Gdy słyszę, że pan Tadeusz robi obrządki u dorosłych owiec raz na trzy dni – nie chce mi się wierzyć. Ale jak? - Ano prosto: matki dostają ok. 3 ton wysłodków i same decydują, ile i w jakim tempie zjedzą. Do tego 2 baloty sianokiszonki i 3 bele słomy – wyjaśnia mi gospodarz. Jagnięta od ok. 2 miesiąca dokarmiane są całym ziarnem jęczmienia. - Nie z gniotownika? - pytam i przed oczami mam nasz gniotownik, do którego wsypywany jest owies, pszenica i gryka, wszystko dokładnie mieszane, przewożone do owczarni i rozsypywane każdego dnia w osobne koryta. Pan Tadeusz w to się nie bawi. Przeczytał kiedyś, że młode zwierzęta do półtora roku bardzo dobrze tolerują jęczmień w całości. Wypróbował, sprawdziło się, więc stosuje tę metodę do dzisiaj. Aby zapobiec podjadaniu jęczmienia przez matki, zamontował drabinki, które „przepuszczają” tylko jagnięta.

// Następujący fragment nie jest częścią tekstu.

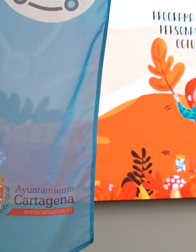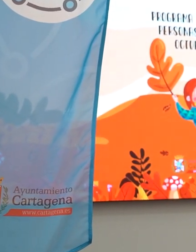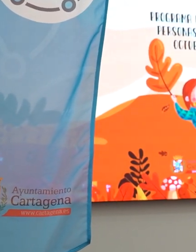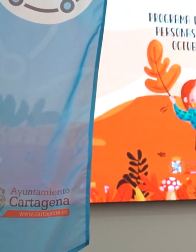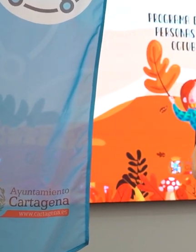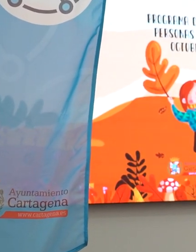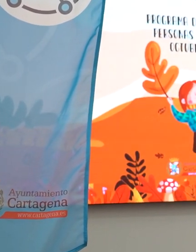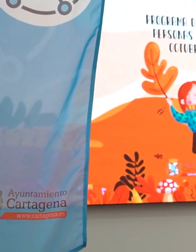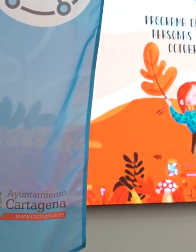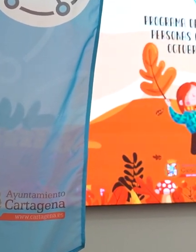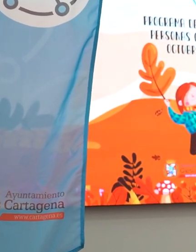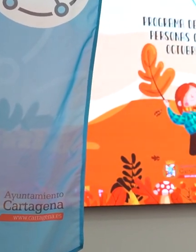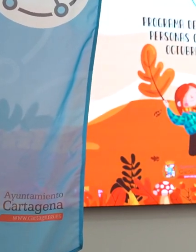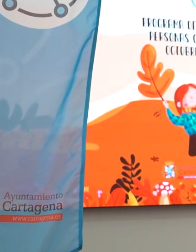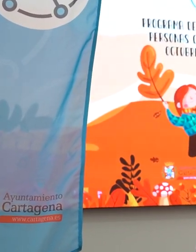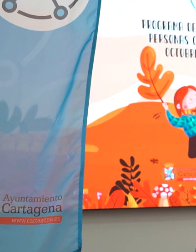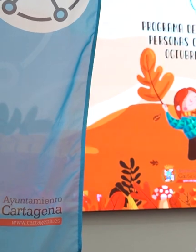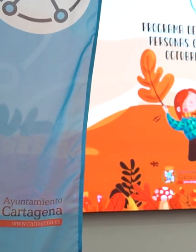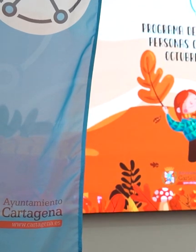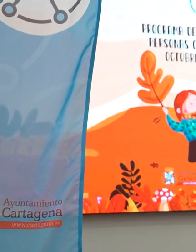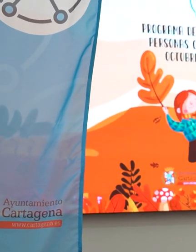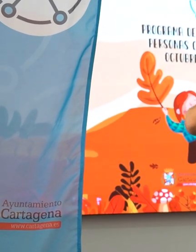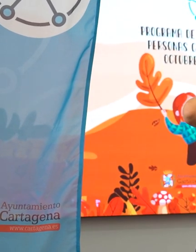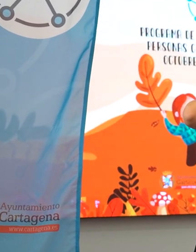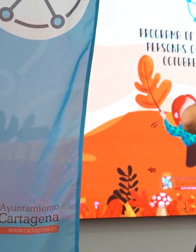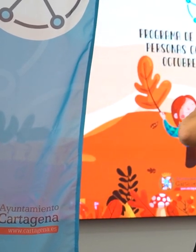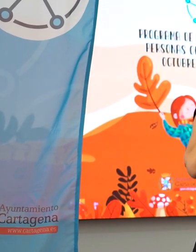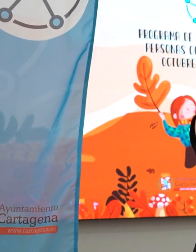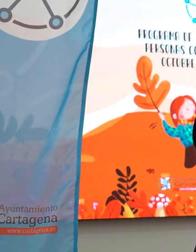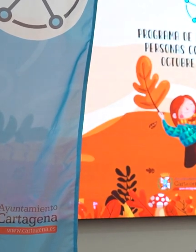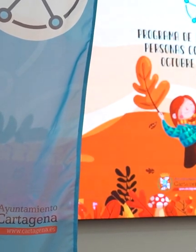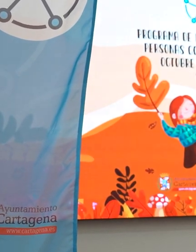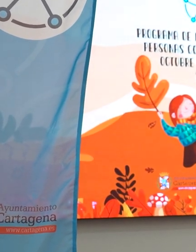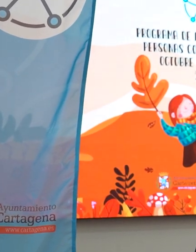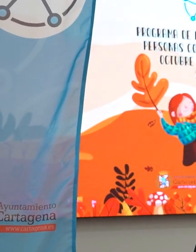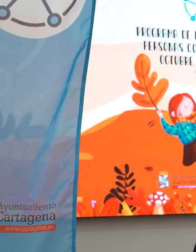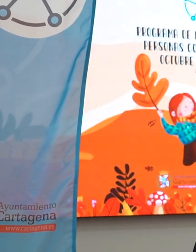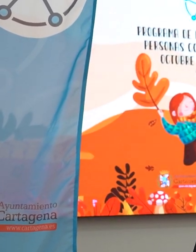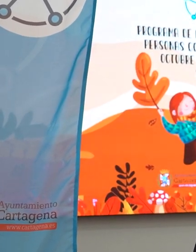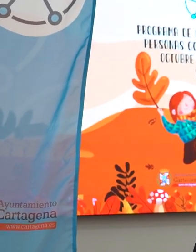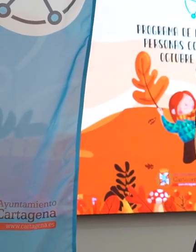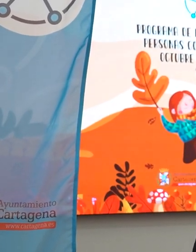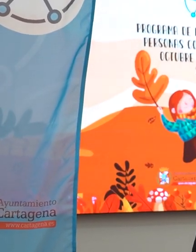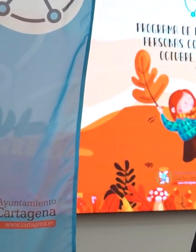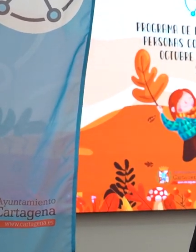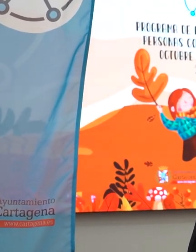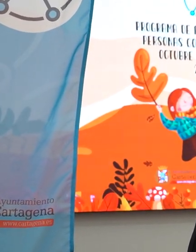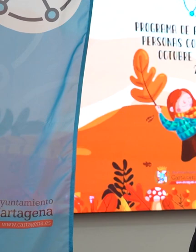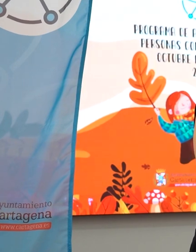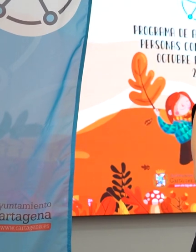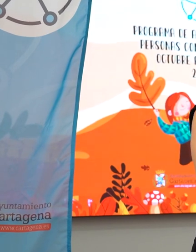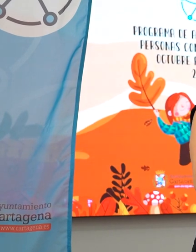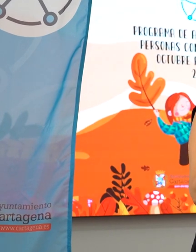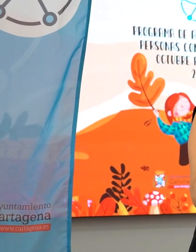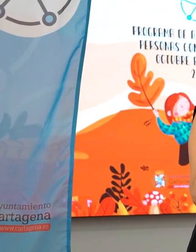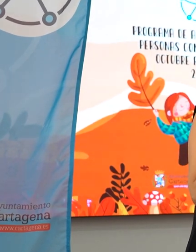somos uno de los pocos ciudades que lo tenemos, que ya está en su segundo año y que no es un catálogo o un documento

Statystycznie rzecz biorąc, każda matka rodzi ok. 1,5 jagnięcia i bardzo dobrze radzi sobie z tym sama. Komplikacje występują rzadko, a pomimo to a może właśnie dlatego, okres wykotów to dla pana Tadeusza najintensywniejszy czas. Najstarszy syn zamontował w owczarni kamery, które umożliwiają panu Tadeuszowi podgląd wykotów sprzed komputera. W ten sposób łatwiej i szybciej może wyłapać sytuacje, w których potrzebna jest jego ingerencja, ale na szczęście takich przypadków jest niewiele, no a do tego ma wsparcie zarówno w żonie, jak i w trzech synach.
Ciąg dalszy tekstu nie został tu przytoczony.